We study a generalization of the classic Online Convex Optimization (OCO)
framework by considering additional long-term adversarial constraints.
Specifically, after an online policy decides its action on a round, in addition
to a convex cost function, the adversary also reveals a set of $k$ convex
constraints. The cost and the constraint functions could change arbitrarily
with time, and no information about the future functions is assumed to be
available. In this paper, we propose a meta-policy that simultaneously achieves
a sublinear cumulative constraint violation and a sublinear regret. This is
achieved via a black box reduction of the constrained problem to the standard
OCO problem for a recursively constructed sequence of surrogate cost functions.

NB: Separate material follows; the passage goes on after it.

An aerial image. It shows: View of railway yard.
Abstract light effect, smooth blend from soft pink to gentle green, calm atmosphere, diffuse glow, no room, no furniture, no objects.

We show that optimal performance bounds can be achieved by solving the
surrogate problem using any adaptive OCO policy enjoying a standard
data-dependent regret bound. A new Lyapunov-based proof technique is presented
that reveals a connection between regret and certain sequential inequalities
through a novel decomposition result. We conclude the paper by highlighting
applications to online multi-task learning and network control problems.

我们研究了经典的在线凸优化（OCO）框架的一种推广，通过考虑额外的长期对抗性约束。我们提出了一种元策略，能够同时达到亚线性的累积约束违规和亚线性的遗憾，通过将约束问题转化为递归构建的一系列代理代价函数的标准 OCO 问题的黑盒减缩。我们展示了通过使用任何享有标准数据相关遗憾上界的自适应 OCO 策略求解代理问题，可以达到最优性能界限。通过一种新的基于李雅普诺夫的证明技术，我们揭示了遗憾和某些顺序不等式之间的联系，通过一种新颖的分解结果。最后，我们强调了在在线多任务学习和网络控制问题中的应用。